> Lamia Benamara et ClĂ©mence magnien

When trying to characterize the dynamics of a system, we are faced with two problems. First, the observation window must be long enough to be representative. Second, the fact that it is finite still induces a bias in the observations, sessions beginning/ending before/after the measurement window are not seen completely.

In order to know if the observation window is long enough to characterize session lenghths. We extract windows that are shorter than the actual observation window. We are then able to compare the obtained session lengths to the ones obtained for the observation window. We apply this methodology to the study of session lengths in a massive measurement of P2P activity in the eDonkey system. We aim to characterize the shape of the session lengths distribution.

One problem to identifying a session is that we have no information about the connections/disconnections of users: indeed, this notion does not exist in the udp protocol of eDonkey. Instead, we only know the moment when a user makes a query, and we have to infer session lengths by studying the time elapsed between consecutive queries made by a same user.

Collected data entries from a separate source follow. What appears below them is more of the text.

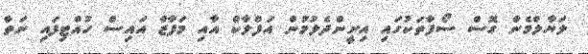
ލަޔާލްމެން ގޮސް ސޯފާތަކުގައި އިށީންދެލުމުން އަފްލާކް އާއި މަފާޒް އައިސް ހުއްޓިފައި ނަތާ
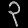
Digit: ၃
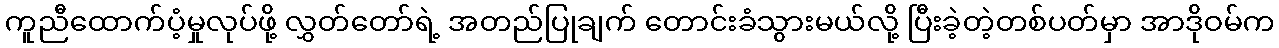
ကူညီထောက်ပံ့မှုလုပ်ဖို့ လွှတ်တော်ရဲ့ အတည်ပြုချက် တောင်းခံသွားမယ်လို့ ပြီးခဲ့တဲ့တစ်ပတ်မှာ အာဒိုဝမ်က
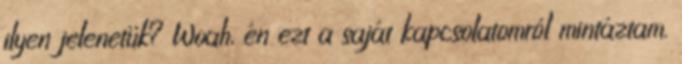
ilyen jelenetük? Woah, én ezt a saját kapcsolatomról mintáztam.
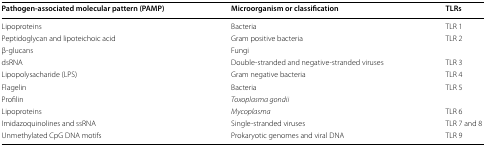
| Pathogen-associated molecular pattern (PAMP) | Microorganism or classification | TLRs |
 | --- | --- | --- |
 | Lipoproteins | Bacteria | TLR 1 |
 | Peptidoglycan and lipoteichoic acid | Gram positive bacteria | <ROWSPAN=2> TLR 2 |
 | β-glucans | Fungi |
 | dsRNA | Double-stranded and negative-stranded viruses | TLR 3 |
 | Lipopolysacharide (LPS) | Gram negative bacteria | TLR 4 |
 | Flagelin | Bacteria | <ROWSPAN=2> TLR 5 |
 | Profilin | Toxoplasma gondii |
 | Lipoproteins | Mycoplasma | TLR 6 |
 | Imidazoquinolines and ssRNA | Single-stranded viruses | TLR 7 and 8 |
 | Unmethylated CpG DNA motifs | Prokaryotic genomes and viral DNA | TLR 9 |
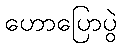
ဟောပြောပွဲ
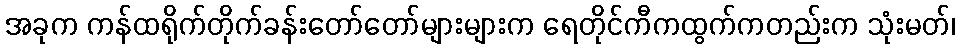
အခုက ကန်ထရိုက်တိုက်ခန်းတော်တော်များများက ရေတိုင်ကီကထွက်ကတည်းက သုံးမတ်၊
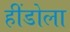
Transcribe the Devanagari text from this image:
हींडोला

We consider that two consecutive queries belong to the same session if the time elapsed between them is less than some threshold T (we choose T= 3 hours).

This plot shows the complementary cumulative distribution of session lengths for different observation window lengths (1 hour, 12 hours, 4days and 1 week). We can see that the shape evolves: for measurement durations of up to one day (not represented for clarity), the distribution exhibits a clear cut off. On the other hand, when the measurement duration grows (starting at 4 days), the shape of the distribution changes: the tail of the distribution flattens after a bend occurring close to 100 000 seconds (28h). Values above this bend are significantly rarer than values below this bend, they are considered as extreme values. Moreover, the distribution for 4 days is close to that of 1 week. Comparing the distributions obtained for 1 and 2 weeks (not represented for clarity) shows that they are almost identical.

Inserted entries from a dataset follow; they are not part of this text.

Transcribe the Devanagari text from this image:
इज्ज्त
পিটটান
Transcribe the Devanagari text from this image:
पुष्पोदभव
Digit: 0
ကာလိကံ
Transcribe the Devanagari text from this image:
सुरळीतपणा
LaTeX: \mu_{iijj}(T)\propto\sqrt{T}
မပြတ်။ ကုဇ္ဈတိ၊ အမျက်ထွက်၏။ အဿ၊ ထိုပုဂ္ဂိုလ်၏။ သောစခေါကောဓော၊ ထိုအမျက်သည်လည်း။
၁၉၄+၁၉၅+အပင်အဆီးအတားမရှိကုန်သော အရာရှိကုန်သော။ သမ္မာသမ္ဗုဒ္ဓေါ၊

We can conclude that if the observation window is at least one week long, it is long enough to characterize session lengths. It is possible to know the shape of the session length distribution, independently of the observation window length (if it is longer than one week); this distribution is characterized by normal session lengths, and extreme values (i. e. values beyond the bend). While the distribution of the normal session lengths is independent of the observation window length, the extreme values elude statistical characterization. They are therefore dependent on the observation window length, though they do not alter the shape of the distribution.

[1] F. Aidouni, M. Latapy, and C. Magnien. Ten weeks in the life of an edonkey server. Proceedings of HotP2P’09, 2009.